What the task requires: Restate word for word all of the lines below, with each image left out.

Records to use:
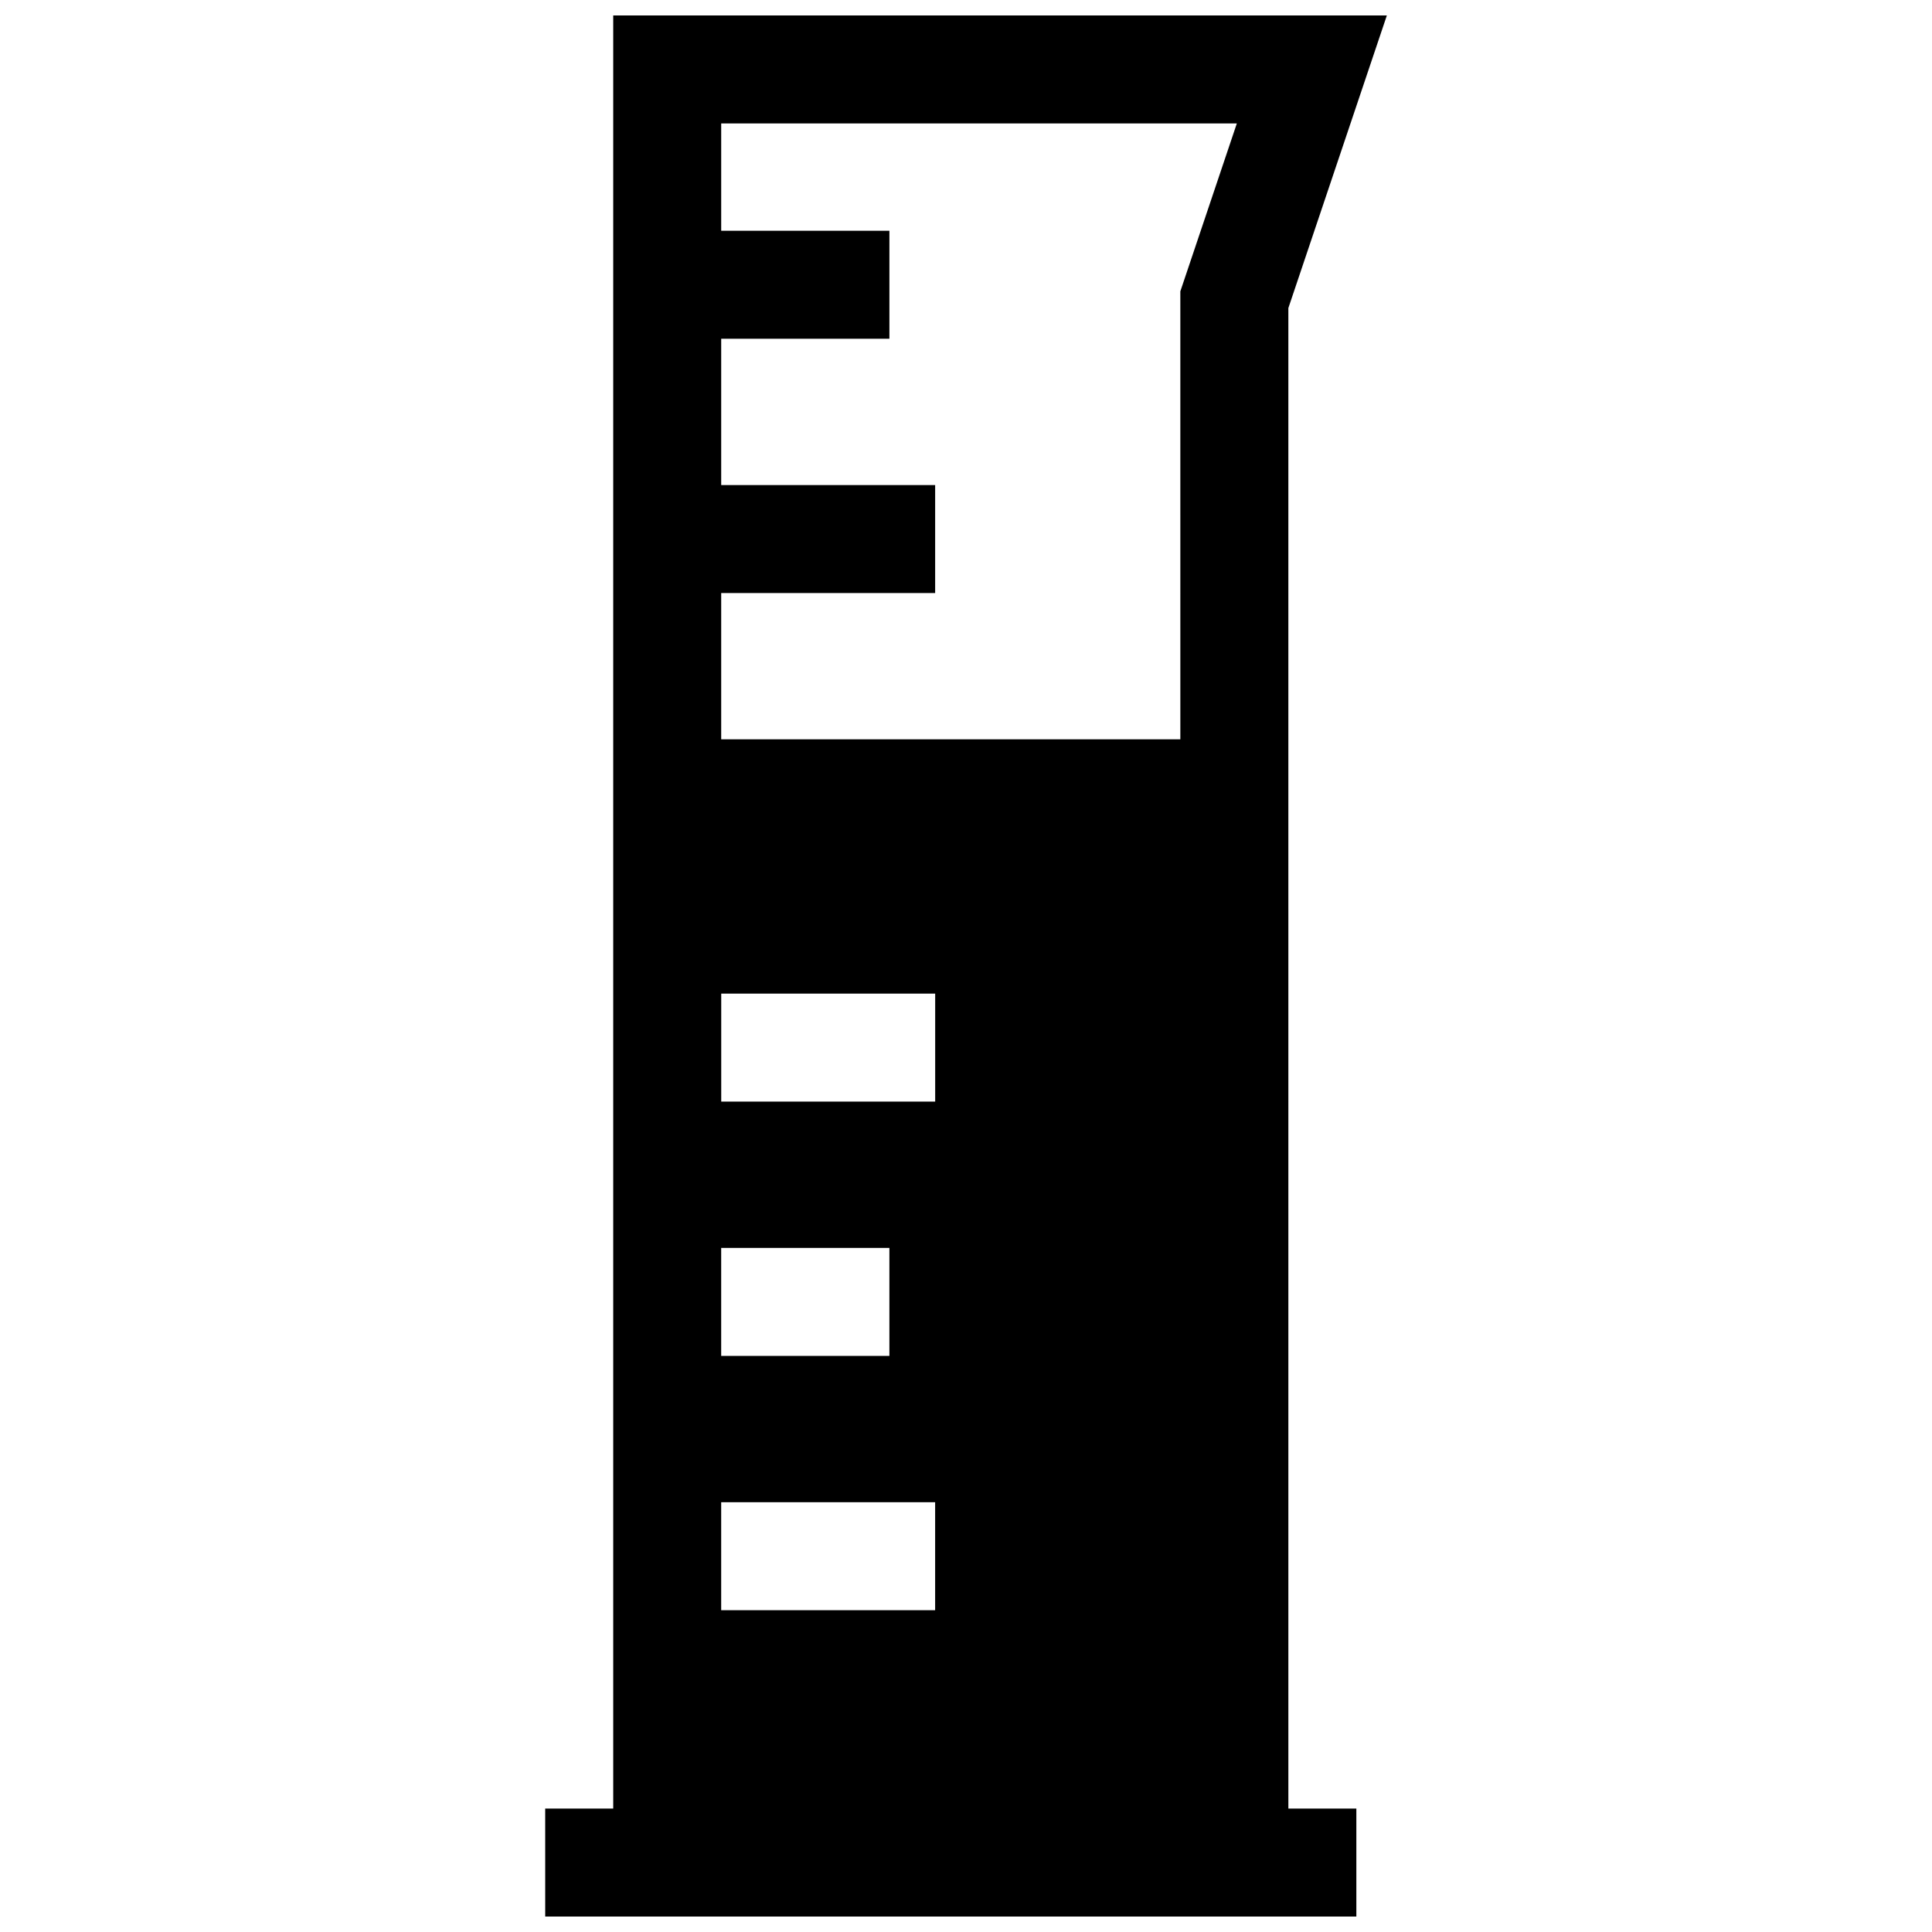 <?xml version="1.0" encoding="UTF-8"?>
<!-- Uploaded to: ICON Repo, www.iconrepo.com, Generator: ICON Repo Mixer Tools -->
<svg width="800px" height="800px" version="1.1" viewBox="144 144 512 512" xmlns="http://www.w3.org/2000/svg">
 <defs>
  <clipPath id="a">
   <path d="m288 148.09h224v503.81h-224z"/>
  </clipPath>
 </defs>
 <g clip-path="url(#a)">
  <path d="m335.12 542.1h56.699v28.625h-56.699zm0-67.387h44.578v28.617h-44.578zm56.711-67.391v28.617h-56.699v-28.617zm119.7-259.23h-205.02v475.19h-18.027l0.004 28.617h214.96v-28.617h-18.016l-0.004-397.64zm-54.727 191.83h-121.68v-38.754h56.699v-28.625h-56.699v-38.766h44.578v-28.617h-44.578v-28.445h136.65l-14.973 44.496z" fill-rule="evenodd"/>
 </g>
</svg>
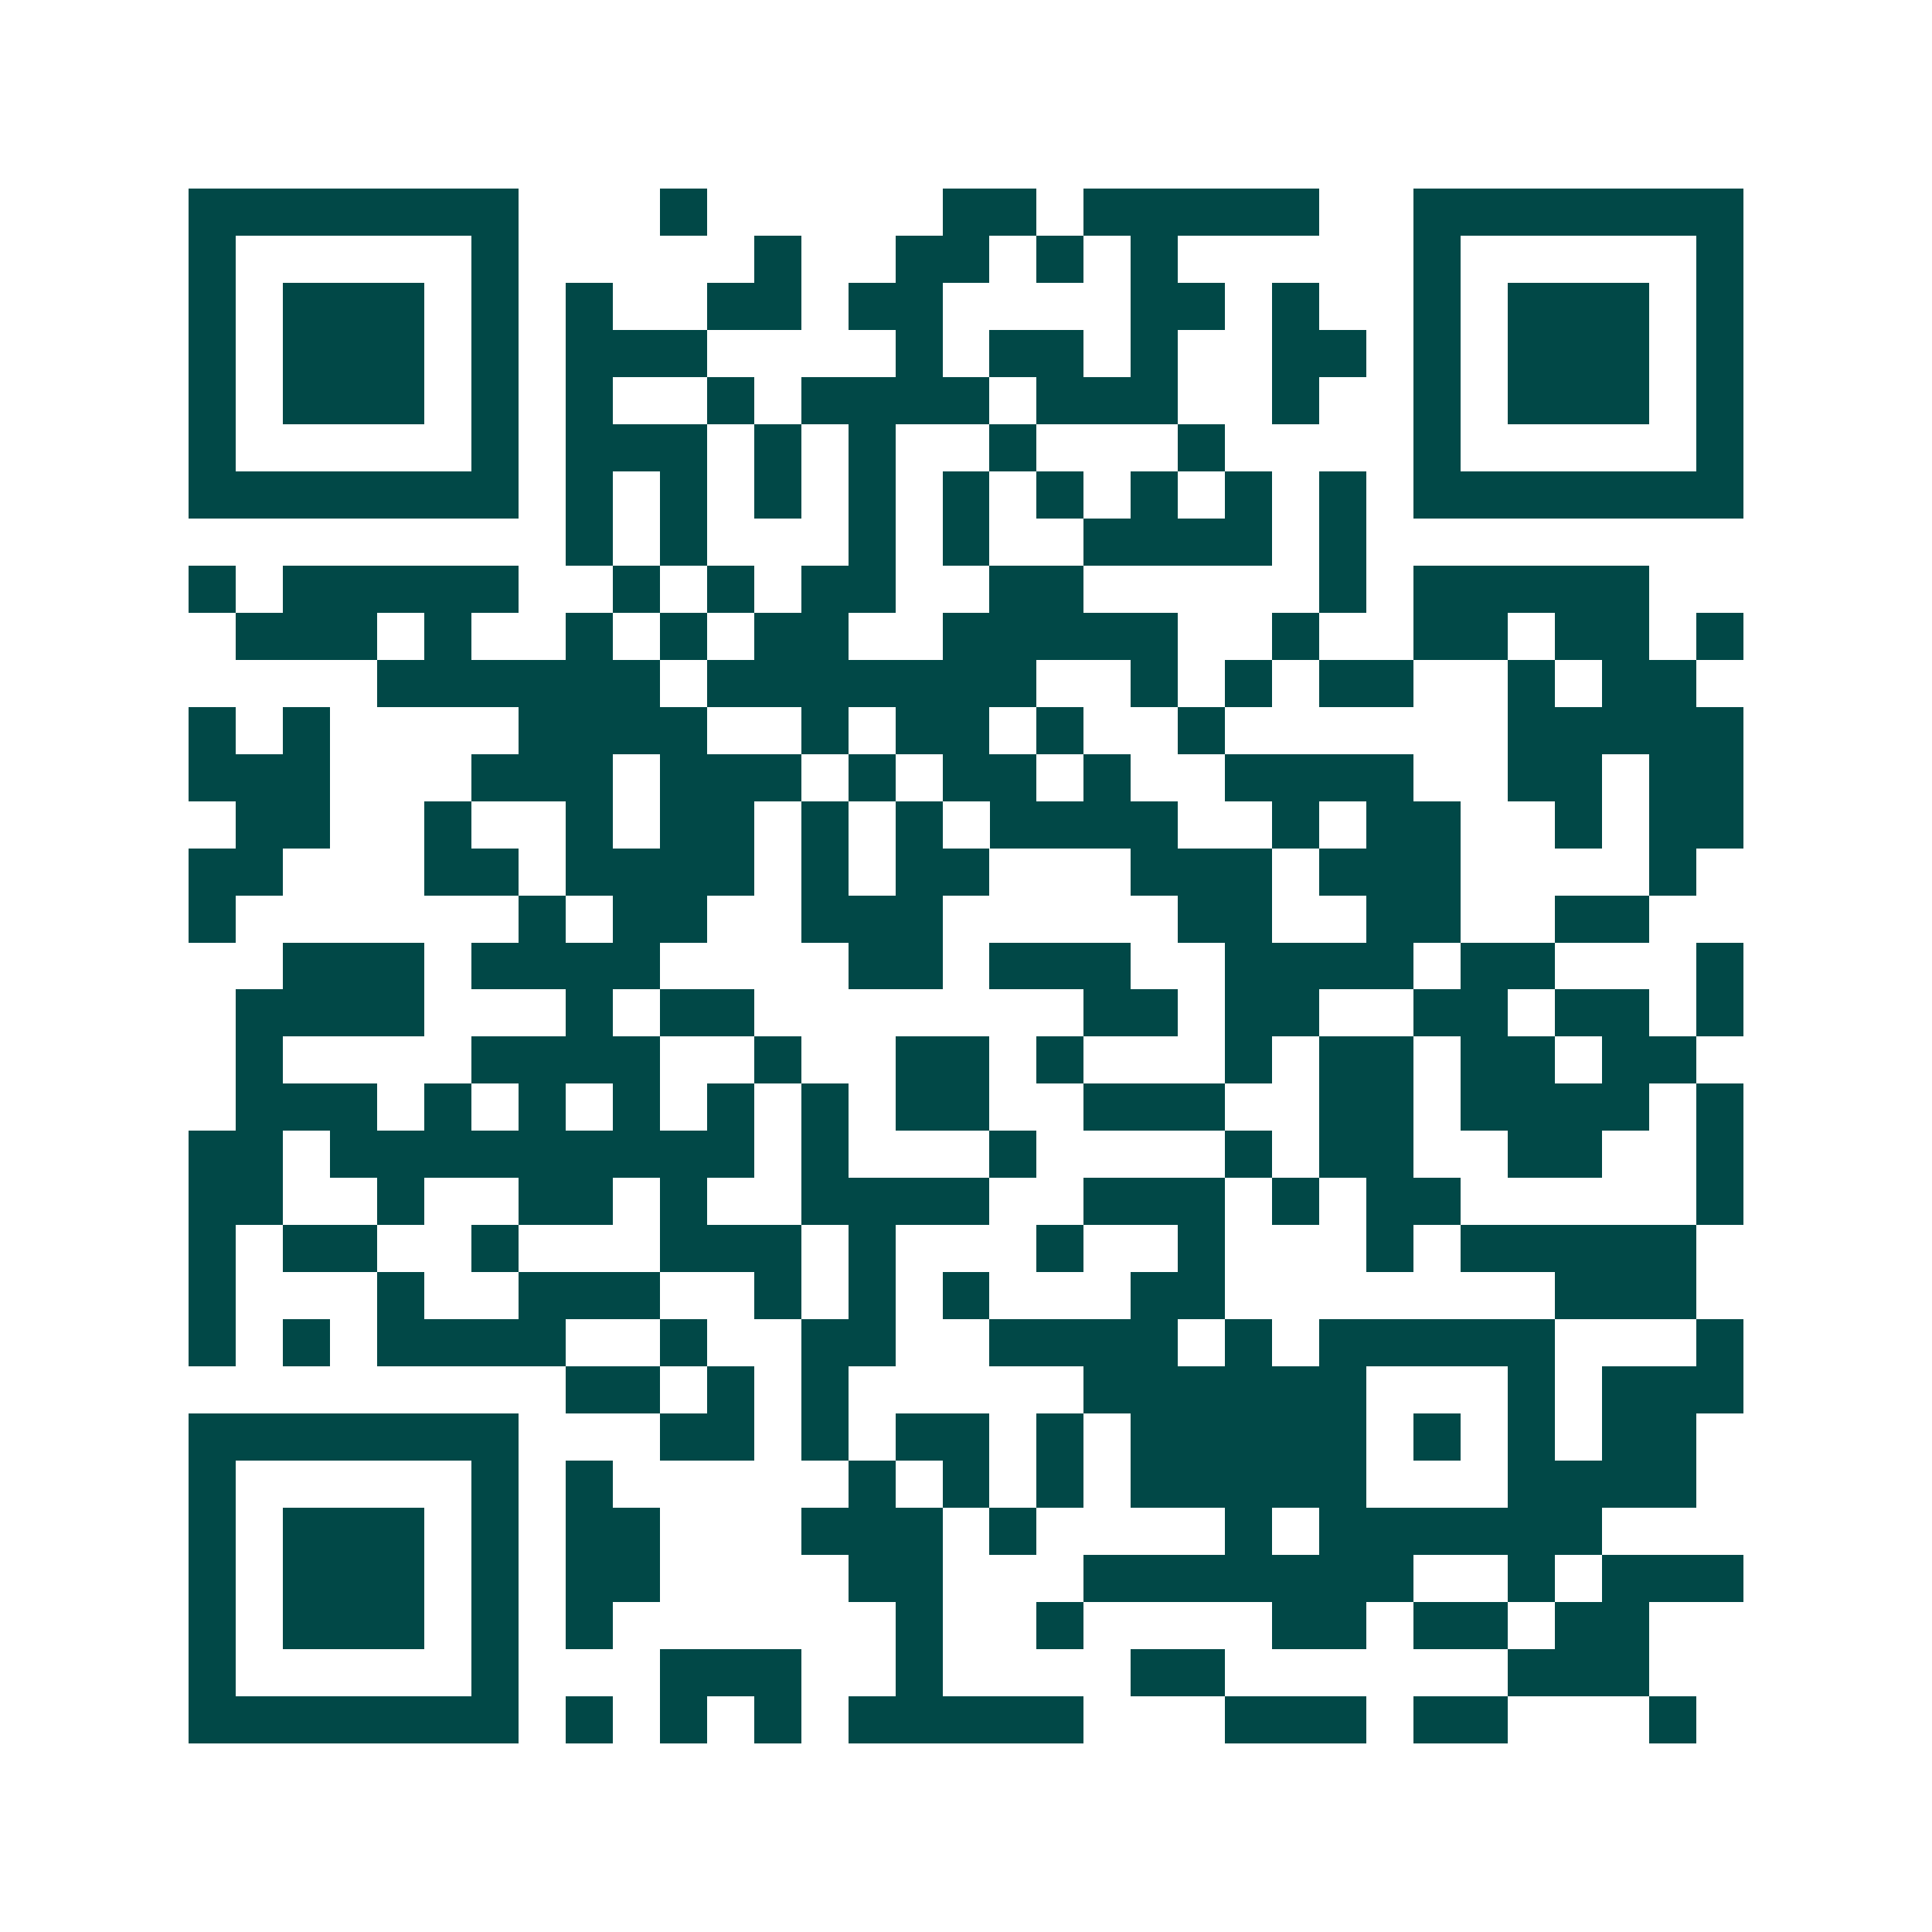 <svg xmlns="http://www.w3.org/2000/svg" width="200" height="200" viewBox="0 0 41 41" shape-rendering="crispEdges"><path fill="#ffffff" d="M0 0h41v41H0z"/><path stroke="#014847" d="M4 4.5h7m3 0h1m5 0h2m1 0h5m2 0h7M4 5.5h1m5 0h1m5 0h1m2 0h2m1 0h1m1 0h1m5 0h1m5 0h1M4 6.5h1m1 0h3m1 0h1m1 0h1m2 0h2m1 0h2m4 0h2m1 0h1m2 0h1m1 0h3m1 0h1M4 7.5h1m1 0h3m1 0h1m1 0h3m4 0h1m1 0h2m1 0h1m2 0h2m1 0h1m1 0h3m1 0h1M4 8.5h1m1 0h3m1 0h1m1 0h1m2 0h1m1 0h4m1 0h3m2 0h1m2 0h1m1 0h3m1 0h1M4 9.5h1m5 0h1m1 0h3m1 0h1m1 0h1m2 0h1m3 0h1m4 0h1m5 0h1M4 10.5h7m1 0h1m1 0h1m1 0h1m1 0h1m1 0h1m1 0h1m1 0h1m1 0h1m1 0h1m1 0h7M12 11.5h1m1 0h1m3 0h1m1 0h1m2 0h4m1 0h1M4 12.5h1m1 0h5m2 0h1m1 0h1m1 0h2m2 0h2m5 0h1m1 0h5M5 13.5h3m1 0h1m2 0h1m1 0h1m1 0h2m2 0h5m2 0h1m2 0h2m1 0h2m1 0h1M8 14.5h6m1 0h7m2 0h1m1 0h1m1 0h2m2 0h1m1 0h2M4 15.5h1m1 0h1m4 0h4m2 0h1m1 0h2m1 0h1m2 0h1m6 0h5M4 16.5h3m3 0h3m1 0h3m1 0h1m1 0h2m1 0h1m2 0h4m2 0h2m1 0h2M5 17.5h2m2 0h1m2 0h1m1 0h2m1 0h1m1 0h1m1 0h4m2 0h1m1 0h2m2 0h1m1 0h2M4 18.5h2m3 0h2m1 0h4m1 0h1m1 0h2m3 0h3m1 0h3m4 0h1M4 19.5h1m6 0h1m1 0h2m2 0h3m5 0h2m2 0h2m2 0h2M6 20.5h3m1 0h4m4 0h2m1 0h3m2 0h4m1 0h2m3 0h1M5 21.5h4m3 0h1m1 0h2m7 0h2m1 0h2m2 0h2m1 0h2m1 0h1M5 22.5h1m4 0h4m2 0h1m2 0h2m1 0h1m3 0h1m1 0h2m1 0h2m1 0h2M5 23.5h3m1 0h1m1 0h1m1 0h1m1 0h1m1 0h1m1 0h2m2 0h3m2 0h2m1 0h4m1 0h1M4 24.5h2m1 0h9m1 0h1m3 0h1m4 0h1m1 0h2m2 0h2m2 0h1M4 25.5h2m2 0h1m2 0h2m1 0h1m2 0h4m2 0h3m1 0h1m1 0h2m5 0h1M4 26.5h1m1 0h2m2 0h1m3 0h3m1 0h1m3 0h1m2 0h1m3 0h1m1 0h5M4 27.5h1m3 0h1m2 0h3m2 0h1m1 0h1m1 0h1m3 0h2m7 0h3M4 28.5h1m1 0h1m1 0h4m2 0h1m2 0h2m2 0h4m1 0h1m1 0h5m3 0h1M12 29.5h2m1 0h1m1 0h1m5 0h6m3 0h1m1 0h3M4 30.5h7m3 0h2m1 0h1m1 0h2m1 0h1m1 0h5m1 0h1m1 0h1m1 0h2M4 31.5h1m5 0h1m1 0h1m5 0h1m1 0h1m1 0h1m1 0h5m3 0h4M4 32.5h1m1 0h3m1 0h1m1 0h2m3 0h3m1 0h1m4 0h1m1 0h6M4 33.5h1m1 0h3m1 0h1m1 0h2m4 0h2m3 0h7m2 0h1m1 0h3M4 34.5h1m1 0h3m1 0h1m1 0h1m6 0h1m2 0h1m4 0h2m1 0h2m1 0h2M4 35.5h1m5 0h1m3 0h3m2 0h1m4 0h2m6 0h3M4 36.5h7m1 0h1m1 0h1m1 0h1m1 0h5m3 0h3m1 0h2m3 0h1"/></svg>

Response to this task:
 <?xml version="1.0" encoding="UTF-8"?>
<!-- Uploaded to: ICON Repo, www.iconrepo.com, Generator: ICON Repo Mixer Tools -->
<svg width="800px" height="800px" version="1.1" viewBox="144 144 512 512" xmlns="http://www.w3.org/2000/svg">
 <defs>
  <clipPath id="a">
   <path d="m288 148.09h224v503.81h-224z"/>
  </clipPath>
 </defs>
 <g clip-path="url(#a)">
  <path d="m335.12 542.1h56.699v28.625h-56.699zm0-67.387h44.578v28.617h-44.578zm56.711-67.391v28.617h-56.699v-28.617zm119.7-259.23h-205.02v475.19h-18.027l0.004 28.617h214.96v-28.617h-18.016l-0.004-397.64zm-54.727 191.83h-121.68v-38.754h56.699v-28.625h-56.699v-38.766h44.578v-28.617h-44.578v-28.445h136.65l-14.973 44.496z" fill-rule="evenodd"/>
 </g>
</svg>
 <svg xmlns="http://www.w3.org/2000/svg" width="200" height="200" viewBox="0 0 41 41" shape-rendering="crispEdges"><path fill="#ffffff" d="M0 0h41v41H0z"/><path stroke="#014847" d="M4 4.5h7m3 0h1m5 0h2m1 0h5m2 0h7M4 5.5h1m5 0h1m5 0h1m2 0h2m1 0h1m1 0h1m5 0h1m5 0h1M4 6.5h1m1 0h3m1 0h1m1 0h1m2 0h2m1 0h2m4 0h2m1 0h1m2 0h1m1 0h3m1 0h1M4 7.5h1m1 0h3m1 0h1m1 0h3m4 0h1m1 0h2m1 0h1m2 0h2m1 0h1m1 0h3m1 0h1M4 8.5h1m1 0h3m1 0h1m1 0h1m2 0h1m1 0h4m1 0h3m2 0h1m2 0h1m1 0h3m1 0h1M4 9.5h1m5 0h1m1 0h3m1 0h1m1 0h1m2 0h1m3 0h1m4 0h1m5 0h1M4 10.5h7m1 0h1m1 0h1m1 0h1m1 0h1m1 0h1m1 0h1m1 0h1m1 0h1m1 0h1m1 0h7M12 11.5h1m1 0h1m3 0h1m1 0h1m2 0h4m1 0h1M4 12.5h1m1 0h5m2 0h1m1 0h1m1 0h2m2 0h2m5 0h1m1 0h5M5 13.5h3m1 0h1m2 0h1m1 0h1m1 0h2m2 0h5m2 0h1m2 0h2m1 0h2m1 0h1M8 14.5h6m1 0h7m2 0h1m1 0h1m1 0h2m2 0h1m1 0h2M4 15.5h1m1 0h1m4 0h4m2 0h1m1 0h2m1 0h1m2 0h1m6 0h5M4 16.5h3m3 0h3m1 0h3m1 0h1m1 0h2m1 0h1m2 0h4m2 0h2m1 0h2M5 17.5h2m2 0h1m2 0h1m1 0h2m1 0h1m1 0h1m1 0h4m2 0h1m1 0h2m2 0h1m1 0h2M4 18.5h2m3 0h2m1 0h4m1 0h1m1 0h2m3 0h3m1 0h3m4 0h1M4 19.5h1m6 0h1m1 0h2m2 0h3m5 0h2m2 0h2m2 0h2M6 20.5h3m1 0h4m4 0h2m1 0h3m2 0h4m1 0h2m3 0h1M5 21.5h4m3 0h1m1 0h2m7 0h2m1 0h2m2 0h2m1 0h2m1 0h1M5 22.5h1m4 0h4m2 0h1m2 0h2m1 0h1m3 0h1m1 0h2m1 0h2m1 0h2M5 23.5h3m1 0h1m1 0h1m1 0h1m1 0h1m1 0h1m1 0h2m2 0h3m2 0h2m1 0h4m1 0h1M4 24.5h2m1 0h9m1 0h1m3 0h1m4 0h1m1 0h2m2 0h2m2 0h1M4 25.5h2m2 0h1m2 0h2m1 0h1m2 0h4m2 0h3m1 0h1m1 0h2m5 0h1M4 26.5h1m1 0h2m2 0h1m3 0h3m1 0h1m3 0h1m2 0h1m3 0h1m1 0h5M4 27.5h1m3 0h1m2 0h3m2 0h1m1 0h1m1 0h1m3 0h2m7 0h3M4 28.5h1m1 0h1m1 0h4m2 0h1m2 0h2m2 0h4m1 0h1m1 0h5m3 0h1M12 29.5h2m1 0h1m1 0h1m5 0h6m3 0h1m1 0h3M4 30.5h7m3 0h2m1 0h1m1 0h2m1 0h1m1 0h5m1 0h1m1 0h1m1 0h2M4 31.5h1m5 0h1m1 0h1m5 0h1m1 0h1m1 0h1m1 0h5m3 0h4M4 32.5h1m1 0h3m1 0h1m1 0h2m3 0h3m1 0h1m4 0h1m1 0h6M4 33.5h1m1 0h3m1 0h1m1 0h2m4 0h2m3 0h7m2 0h1m1 0h3M4 34.5h1m1 0h3m1 0h1m1 0h1m6 0h1m2 0h1m4 0h2m1 0h2m1 0h2M4 35.5h1m5 0h1m3 0h3m2 0h1m4 0h2m6 0h3M4 36.5h7m1 0h1m1 0h1m1 0h1m1 0h5m3 0h3m1 0h2m3 0h1"/></svg>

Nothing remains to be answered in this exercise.